Also, your phases of drunkness are not as amusing as you think. You are 48 years old for cripes sake. The "wobble around and make a pucker face and smack your lips" phase used to be cute. And I can do a wicked funny imitation of it. But the only smacking I'm wishing for now is the smacking of my hand on your face. The 2nd phase - "Pissy Pammy" is really just annoying. The 3rd phase "Lucy Lovebird" is just........ well........ sad. Not every guy in the neighborhood wants to see your underwear. Seriously. And no, I'm NOT the "best neighbor in the whole world, EVAH!!!!". You must not realize that when I dog sit for Maxx I send him over to your house to poop in your yard - because, really, I hate cleaning litterboxes, why would I want to pick up after someone else's dog? Besides, your two pit/chow/shepherd mix dogs crap alot.
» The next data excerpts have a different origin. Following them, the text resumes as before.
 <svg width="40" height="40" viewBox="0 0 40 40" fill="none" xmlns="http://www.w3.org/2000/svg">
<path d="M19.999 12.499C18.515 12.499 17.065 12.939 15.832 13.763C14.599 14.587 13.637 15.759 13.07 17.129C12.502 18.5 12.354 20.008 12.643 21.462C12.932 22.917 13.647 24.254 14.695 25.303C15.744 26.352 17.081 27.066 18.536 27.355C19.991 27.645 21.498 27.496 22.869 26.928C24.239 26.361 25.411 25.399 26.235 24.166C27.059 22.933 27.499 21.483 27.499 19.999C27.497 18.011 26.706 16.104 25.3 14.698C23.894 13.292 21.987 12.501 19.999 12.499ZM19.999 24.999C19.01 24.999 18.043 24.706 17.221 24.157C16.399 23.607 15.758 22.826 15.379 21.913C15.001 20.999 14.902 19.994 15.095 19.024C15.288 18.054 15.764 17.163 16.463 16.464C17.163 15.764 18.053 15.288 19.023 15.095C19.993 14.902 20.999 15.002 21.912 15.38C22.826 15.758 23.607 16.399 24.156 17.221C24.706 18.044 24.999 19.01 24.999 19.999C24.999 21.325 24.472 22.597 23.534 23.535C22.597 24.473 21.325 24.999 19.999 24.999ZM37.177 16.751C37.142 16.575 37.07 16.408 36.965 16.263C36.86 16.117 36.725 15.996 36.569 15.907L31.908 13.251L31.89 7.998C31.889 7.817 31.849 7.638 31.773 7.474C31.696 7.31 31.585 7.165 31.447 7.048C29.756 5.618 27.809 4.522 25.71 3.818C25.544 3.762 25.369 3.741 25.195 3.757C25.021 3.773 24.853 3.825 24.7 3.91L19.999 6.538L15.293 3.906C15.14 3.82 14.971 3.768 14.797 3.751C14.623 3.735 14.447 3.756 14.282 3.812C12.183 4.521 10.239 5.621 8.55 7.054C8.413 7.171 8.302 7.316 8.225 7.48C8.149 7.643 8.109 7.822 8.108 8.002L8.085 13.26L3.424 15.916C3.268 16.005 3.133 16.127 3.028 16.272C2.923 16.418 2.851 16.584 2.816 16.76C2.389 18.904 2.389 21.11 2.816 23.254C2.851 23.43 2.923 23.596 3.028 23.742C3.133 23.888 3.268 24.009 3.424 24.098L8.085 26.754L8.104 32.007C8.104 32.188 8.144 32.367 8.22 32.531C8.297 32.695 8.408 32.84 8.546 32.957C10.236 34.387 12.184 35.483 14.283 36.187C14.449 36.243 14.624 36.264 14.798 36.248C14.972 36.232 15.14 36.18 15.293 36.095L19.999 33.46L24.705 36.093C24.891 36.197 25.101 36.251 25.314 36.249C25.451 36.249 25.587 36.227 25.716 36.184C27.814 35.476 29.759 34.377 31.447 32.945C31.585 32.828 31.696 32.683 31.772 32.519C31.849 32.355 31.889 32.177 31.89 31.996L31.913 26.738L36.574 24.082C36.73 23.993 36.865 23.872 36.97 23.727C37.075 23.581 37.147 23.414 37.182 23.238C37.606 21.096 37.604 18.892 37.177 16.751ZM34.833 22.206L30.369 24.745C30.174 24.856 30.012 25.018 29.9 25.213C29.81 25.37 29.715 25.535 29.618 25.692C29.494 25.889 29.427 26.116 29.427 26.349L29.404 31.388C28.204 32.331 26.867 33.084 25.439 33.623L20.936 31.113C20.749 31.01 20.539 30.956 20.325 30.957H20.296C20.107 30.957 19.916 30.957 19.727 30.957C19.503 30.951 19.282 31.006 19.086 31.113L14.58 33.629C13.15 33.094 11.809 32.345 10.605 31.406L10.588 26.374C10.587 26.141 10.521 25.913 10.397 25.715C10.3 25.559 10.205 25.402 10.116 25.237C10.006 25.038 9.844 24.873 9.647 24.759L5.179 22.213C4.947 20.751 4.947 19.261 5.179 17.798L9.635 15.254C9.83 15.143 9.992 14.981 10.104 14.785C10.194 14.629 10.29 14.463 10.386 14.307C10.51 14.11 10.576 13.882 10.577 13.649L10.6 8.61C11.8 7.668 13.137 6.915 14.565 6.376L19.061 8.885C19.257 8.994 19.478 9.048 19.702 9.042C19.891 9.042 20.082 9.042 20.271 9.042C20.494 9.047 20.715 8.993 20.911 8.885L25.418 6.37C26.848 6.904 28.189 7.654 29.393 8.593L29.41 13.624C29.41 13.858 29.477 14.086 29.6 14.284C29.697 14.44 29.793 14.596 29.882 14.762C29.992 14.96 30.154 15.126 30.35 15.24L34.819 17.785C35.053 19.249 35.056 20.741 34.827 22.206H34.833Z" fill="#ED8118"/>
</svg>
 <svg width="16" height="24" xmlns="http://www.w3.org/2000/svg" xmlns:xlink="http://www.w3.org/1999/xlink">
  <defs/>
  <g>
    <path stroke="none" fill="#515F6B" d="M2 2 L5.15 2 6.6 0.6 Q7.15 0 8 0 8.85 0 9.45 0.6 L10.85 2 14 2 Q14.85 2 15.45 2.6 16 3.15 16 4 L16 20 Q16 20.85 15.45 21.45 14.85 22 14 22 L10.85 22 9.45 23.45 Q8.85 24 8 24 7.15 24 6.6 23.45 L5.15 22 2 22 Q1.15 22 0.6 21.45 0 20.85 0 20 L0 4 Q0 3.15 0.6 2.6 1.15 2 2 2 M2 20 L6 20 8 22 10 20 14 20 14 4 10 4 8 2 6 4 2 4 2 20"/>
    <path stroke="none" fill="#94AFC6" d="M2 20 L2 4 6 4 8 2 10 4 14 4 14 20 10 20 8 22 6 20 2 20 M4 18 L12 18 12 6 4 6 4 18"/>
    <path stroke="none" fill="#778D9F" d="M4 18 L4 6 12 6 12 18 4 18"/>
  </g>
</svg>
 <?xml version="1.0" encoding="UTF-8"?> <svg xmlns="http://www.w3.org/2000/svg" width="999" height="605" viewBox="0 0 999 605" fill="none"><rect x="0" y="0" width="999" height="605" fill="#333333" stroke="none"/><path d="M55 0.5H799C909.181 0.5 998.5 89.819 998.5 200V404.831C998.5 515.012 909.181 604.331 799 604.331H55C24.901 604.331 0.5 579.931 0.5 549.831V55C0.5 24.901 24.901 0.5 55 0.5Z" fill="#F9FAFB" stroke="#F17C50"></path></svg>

Dear Annoying Across the Street Neighbor: Your "classic" corvette is a loud obnoxious piece of crap. It's not even the GOOD corvette - it's some 80's piece of garbage. And there is absolutely no need for you to start it up and sit in it for 20 minutes every flipping morning at 5am and then take your OTHER car to work. And why do you park it sideways across your driveway? And red with black racing stripes down the hood is not a good look.
Dear Other Annoying Across the Street Neighbor: how the hell many children are you
holding hostage, er, raising in your 2 bedroom townhouse? Do you have hammocks swinging from the ceiling or something? There can't possibly be enough room for that many beds over there. Also, your husband? Please make sure he wears a shirt when he leaves your house. You obviously find him extremely attractive, but Fat, Bald and Pasty is no way to go through life.
And here I thought there were no rednecks in the suburbs.